Synopsis: Bayu est un journaliste qui enquête sur la corruption de la classe politique indonésienne. Son obsession l’enferme dans une spirale négative : rétrogradé au simple rang de cameraman, il voit aussi son couple partir en lambeaux. En fouillant dans les recoins obscurs d’internet, il tombe sur la vidéo d’un tueur psychopathe japonais qui filme l’agonie de ses victimes.
Il suffira d’une étincelle pour que les trajectoires de ces deux hommes si différents se rejoignent.
L’histoire de Killers commence un an auparavant avec la diffusion de V/H/S/ 2 lors de l’Etrange Festival. Parmi les sketchs qui le composait, un en particulier a retenu l’attention de tout le monde : Safe Haven. Plongée apocalyptique au cœur d’une secte satanique, il combinait les talents de deux réalisateurs : Gareth Evans, que nous connaissons pour la série des The Raid, et Timo Tjahjanto du duo de réalisateurs : les Mo Brothers (dont fait aussi partie Kimo Stamboel, qui semble plus impliqué dans l’aspect logistique des films). Si nous avons eu la chance de voir les films de l’expatrié anglais, nous n’avions pas pu voir Macabre en France, de sorte que la question se posait : qui a eu la plus grosse influence sur la réalisation de ce formidable moment de cinéma fantastique ?
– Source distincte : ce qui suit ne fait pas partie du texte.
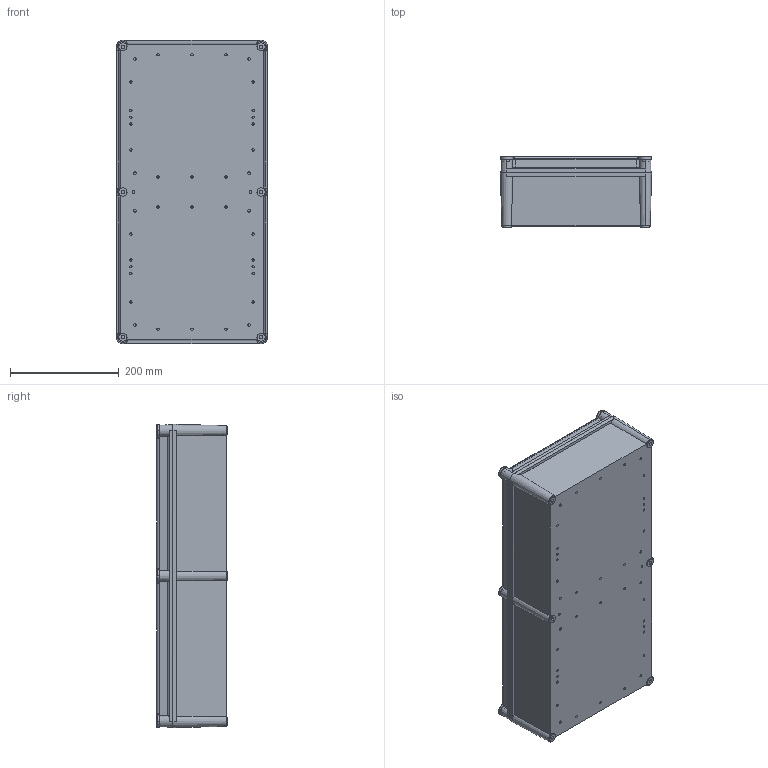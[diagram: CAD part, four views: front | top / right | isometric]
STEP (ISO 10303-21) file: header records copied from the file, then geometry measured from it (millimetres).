
FILE_DESCRIPTION (( 'STEP AP214' ), '1' );
FILE_NAME ('5330064_FIBOX_Solid_PC5628_13T.STEP', '2022-12-21T09:05:23', ( 'fiboxadmin' ), ( '' ), 'SwSTEP 2.0', 'SolidWorks 2021', '' );
FILE_SCHEMA (( 'AUTOMOTIVE_DESIGN' ));
Length unit declared in the file: millimetre
Products named in the file (4): Fibox_Solid_5628_B; 5330064_FIBOX_Solid_PC5628_13T; FIBOX_EKT30C; CS 10256 Cross head screw
Assembly tree (8 placements, depth 2):
  5330064_FIBOX_Solid_PC5628_13T
    Fibox_Solid_5628_B
    FIBOX_EKT30C
    CS 10256 Cross head screw  x6
Bounding box: 278 x 130 x 558 mm (x, y, z)
Volume: 1896516.2 mm3; surface area: 1072952.4 mm2
Topology: 8 solids, 8 shells, 1714 faces, 4358 edges, 2772 vertices
Faces by surface type: plane 997, cylinder 480, cone 151, bspline 72, torus 14
Entity records: 35878 total; most frequent: CARTESIAN_POINT 7630, DIRECTION 5603, ORIENTED_EDGE 5416, EDGE_CURVE 2708, AXIS2_PLACEMENT_3D 2028, VERTEX_POINT 1757, VECTOR 1547, LINE 1547
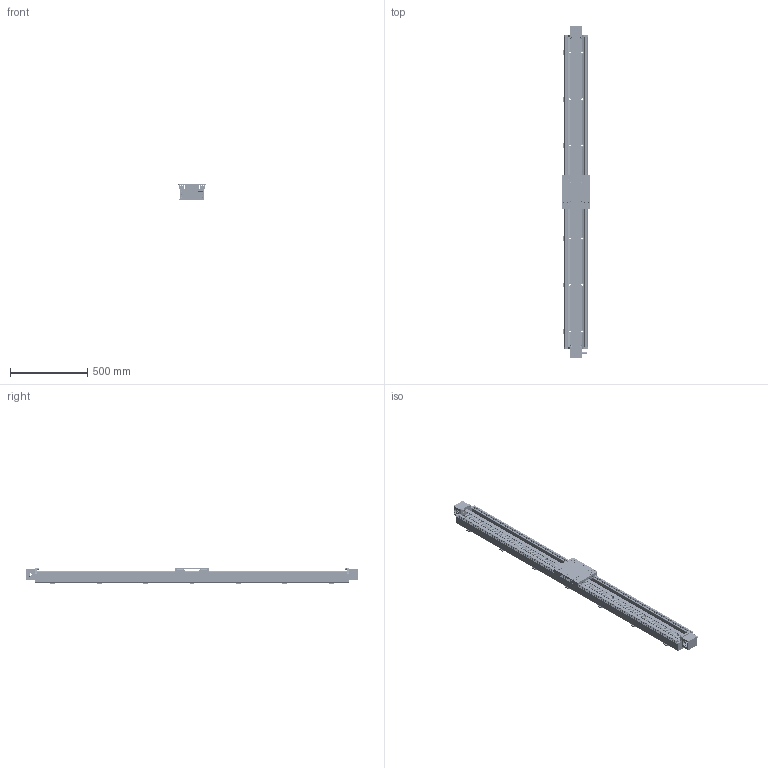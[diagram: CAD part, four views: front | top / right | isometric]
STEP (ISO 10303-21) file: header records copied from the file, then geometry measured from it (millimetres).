
FILE_DESCRIPTION((''),'2;1');
FILE_NAME('KK-BD-180-15-5M25-2000.stp','2013-01-18T10:58:44',('kurt'),(''),'Autodesk Inventor 2013','Autodesk Inventor 2013','');
FILE_SCHEMA(('AUTOMOTIVE_DESIGN { 1 0 10303 214 1 1 1 1 }'));
Length unit declared in the file: millimetre
Products named in the file (3): KK-BD-180-15-5M25-2000; KK-BD-180-15-5M25-2000-BODY; KK-BD-180-15-5M25-CARRIAGE
Assembly tree (2 placements, depth 2):
  KK-BD-180-15-5M25-2000
    KK-BD-180-15-5M25-2000-BODY
    KK-BD-180-15-5M25-CARRIAGE
Bounding box: 180 x 2146 x 105 mm (x, y, z)
Volume: 11836887.2 mm3; surface area: 1831695 mm2
Topology: 4 solids, 290 shells, 6481 faces, 17006 edges, 11258 vertices
Faces by surface type: plane 3755, cylinder 1699, bspline 432, cone 363, torus 228, sphere 4
Full cylindrical faces by diameter (mm): 2.459 x4, 3 x4, 3.242 x74, 3.5 x4, 4 x106, 4.5 x90, 4.917 x18, 5.5 x20, 6 x44, 6.6 x18, 7 x90, 7.5 x132, 8 x24, 8.376 x6, 10 x18, 10.106 x14, 11 x22, 14 x1, 18 x14, 30 x4, 47 x4
Entity records: 202762 total; most frequent: CARTESIAN_POINT 47172, ORIENTED_EDGE 30078, DIRECTION 29408, EDGE_CURVE 15039, VERTEX_POINT 10573, AXIS2_PLACEMENT_3D 9901, VECTOR 9606, LINE 9606

La bande annonce de ce Killers devait nous apporter quelques réponses, et faire naître une envie bien compréhensible : portée par une musique hypnotique, elle promettait un film aussi violent que dérangeant, appliquant l’esthétique brute d’un The Raid au genre du film de tueur en série. Une parenté qui s’annonçait d’autant plus claire, que la grande majorité des acteurs était déjà apparue dans les films de Gareth Evans.
C’est donc avec une très grande envie que l’on est allé découvrir le film à l’Etrange Festival de cette année, et ce d’autant plus que les premiers retours parlaient d’un film profondément dérangeant. On va voir que si Killers a des qualités, il est loin d’être à la hauteur de cette attente.
Les deux visages de la mort
Killers raconte deux histoires, évoluant en parallèle, et qui, on l’imagine bien, vont se rejoindre arrivées à un certain point.
D’un côté on a Bayou : idéaliste, il perd peu à peu pied suite à ses problèmes professionnels. Pourquoi le fait de révéler la vérité devrait-il le mettre en échec ? La volonté de se venger monte en lui, et il suffit, comme dans Colt 45, d’une agression pour qu’elle se déploie dans des meurtres de plus en plus audacieux, et de plus en plus politiques. En filmant l’agonie de ses victimes, il reprend aussi bien le dispositif du tueur japonais, qu’il exerce son métier de journaliste, enregistrant l’actualité en train de se faire, de la manière la plus radicale qui soit.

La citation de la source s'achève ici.